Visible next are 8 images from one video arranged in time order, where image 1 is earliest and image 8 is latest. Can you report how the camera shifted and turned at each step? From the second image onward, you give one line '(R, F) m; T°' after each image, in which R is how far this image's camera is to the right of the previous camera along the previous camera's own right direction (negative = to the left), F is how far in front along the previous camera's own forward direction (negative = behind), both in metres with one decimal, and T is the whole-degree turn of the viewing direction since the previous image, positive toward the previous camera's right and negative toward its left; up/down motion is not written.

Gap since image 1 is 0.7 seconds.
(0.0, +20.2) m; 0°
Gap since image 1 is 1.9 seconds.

* * *

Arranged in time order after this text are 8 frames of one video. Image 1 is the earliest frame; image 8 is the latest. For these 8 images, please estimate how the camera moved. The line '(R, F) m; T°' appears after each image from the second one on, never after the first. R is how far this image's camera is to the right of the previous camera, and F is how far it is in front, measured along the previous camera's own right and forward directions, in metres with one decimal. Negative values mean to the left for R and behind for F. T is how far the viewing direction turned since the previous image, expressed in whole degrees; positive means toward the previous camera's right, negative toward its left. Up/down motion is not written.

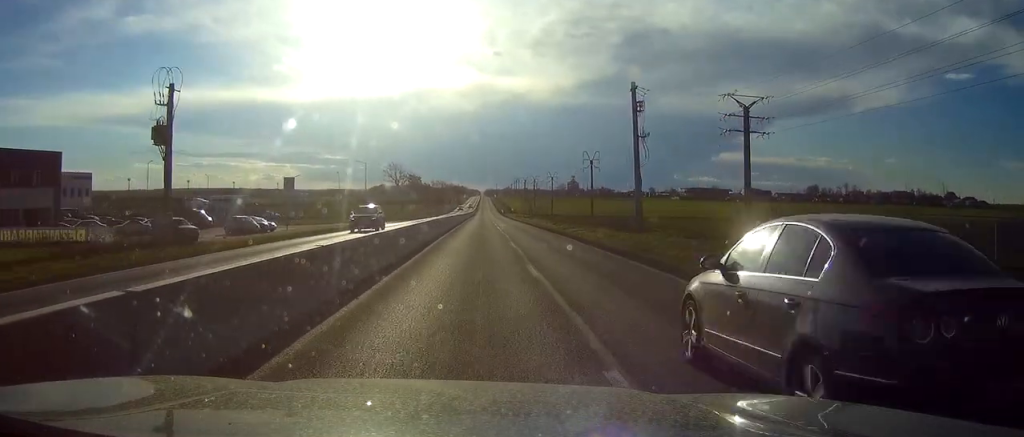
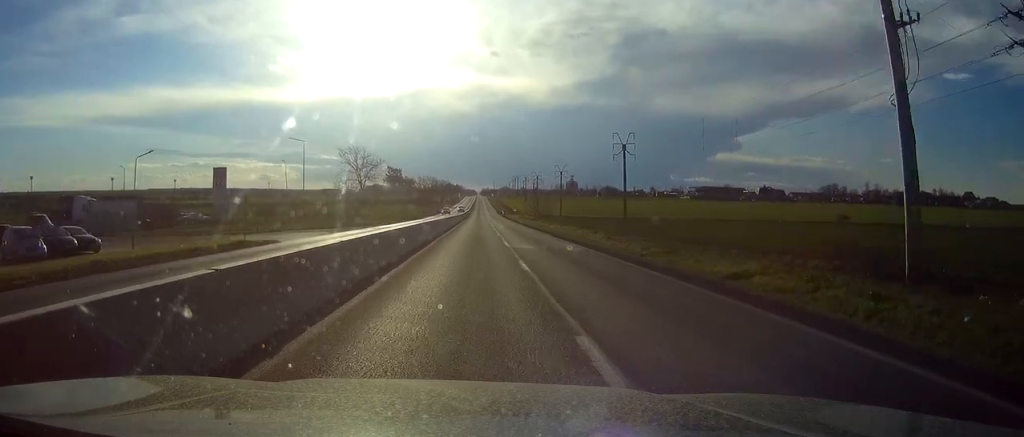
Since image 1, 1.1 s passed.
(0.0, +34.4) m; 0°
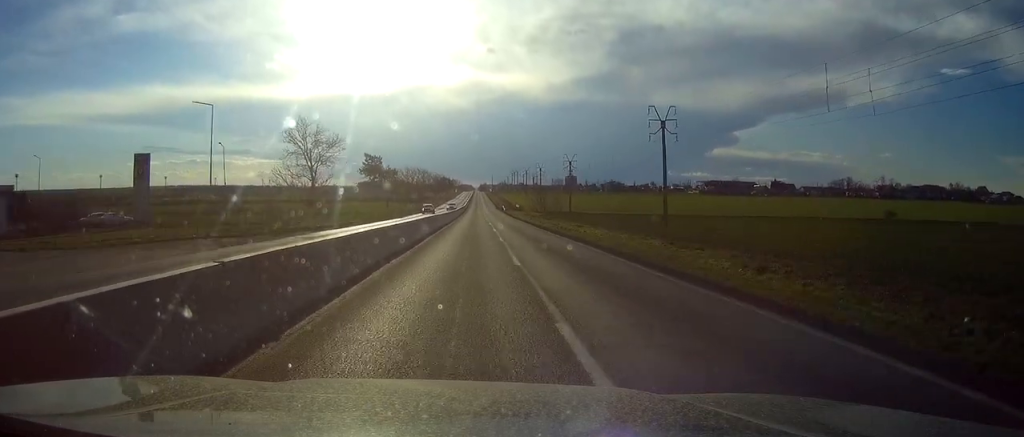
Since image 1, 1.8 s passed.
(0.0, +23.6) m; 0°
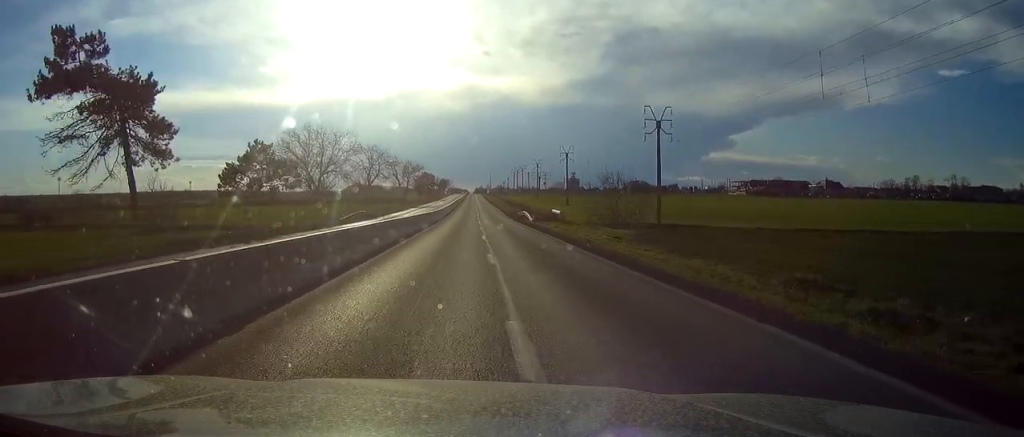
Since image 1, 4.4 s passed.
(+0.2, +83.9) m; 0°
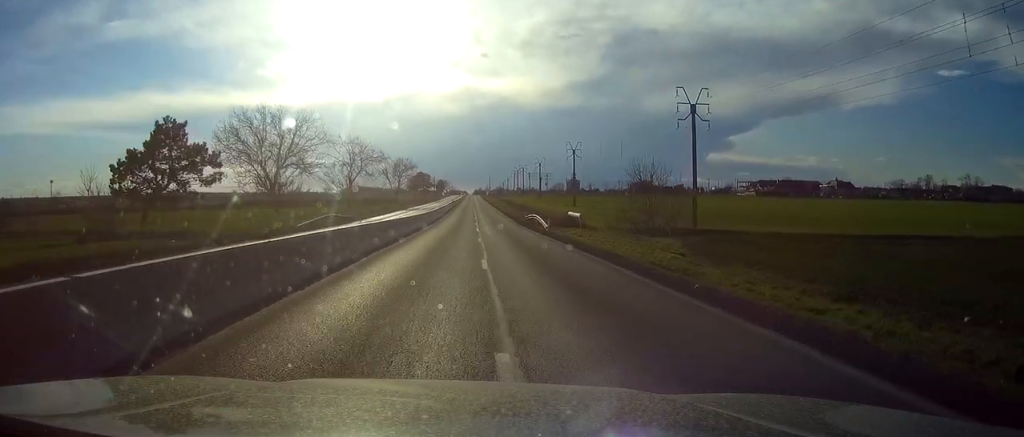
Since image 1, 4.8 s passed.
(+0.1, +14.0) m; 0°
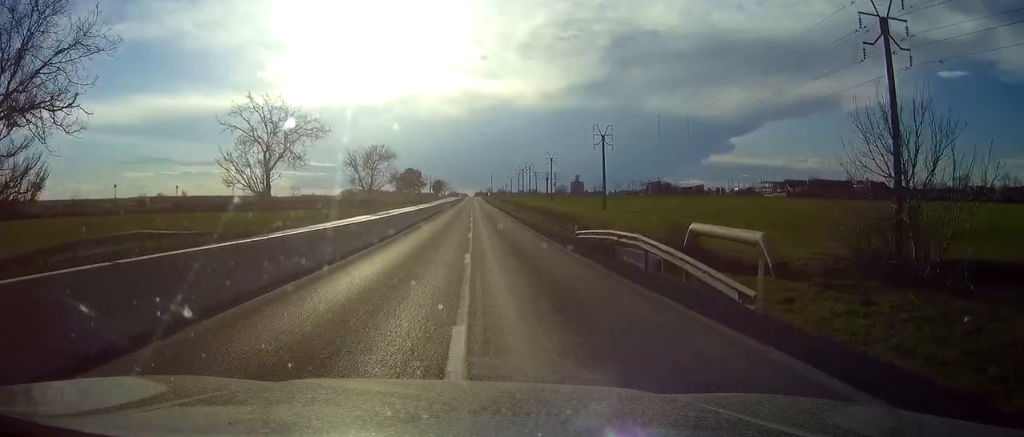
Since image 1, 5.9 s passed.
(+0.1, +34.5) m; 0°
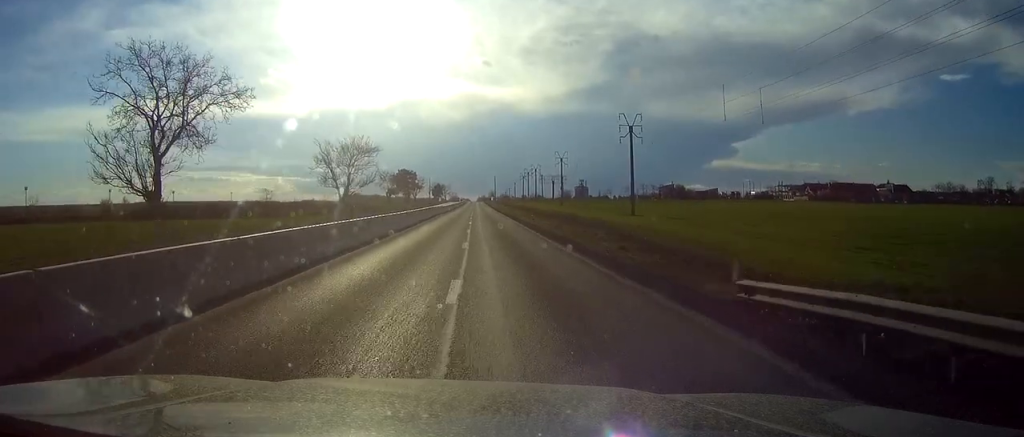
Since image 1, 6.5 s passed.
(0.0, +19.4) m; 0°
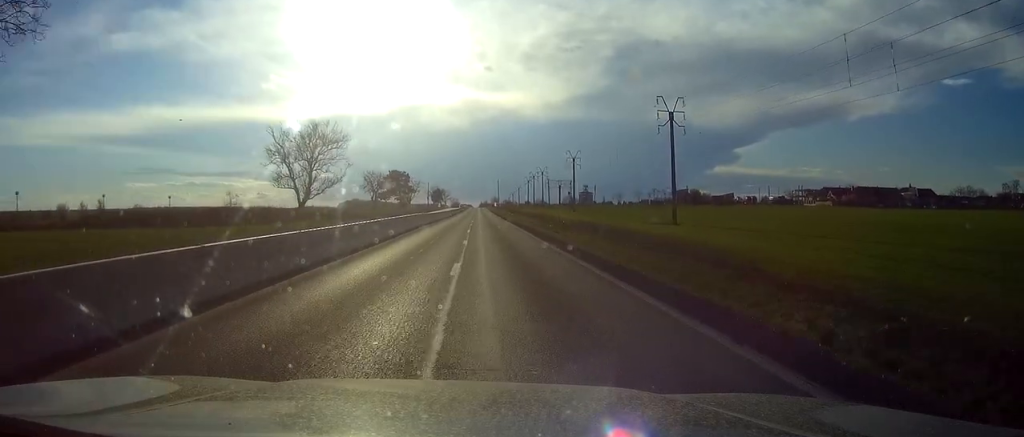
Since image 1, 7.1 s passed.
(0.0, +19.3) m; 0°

Exercise: Please give an exact copy of the lines above, beginning with the line containing "Gap since image 1 is 0.7 seconds." and running through the line containing "Gap since image 1 is 1.9 seconds.", and of no other lines.

Answer section:
Gap since image 1 is 0.7 seconds.
(0.0, +20.2) m; 0°
Gap since image 1 is 1.9 seconds.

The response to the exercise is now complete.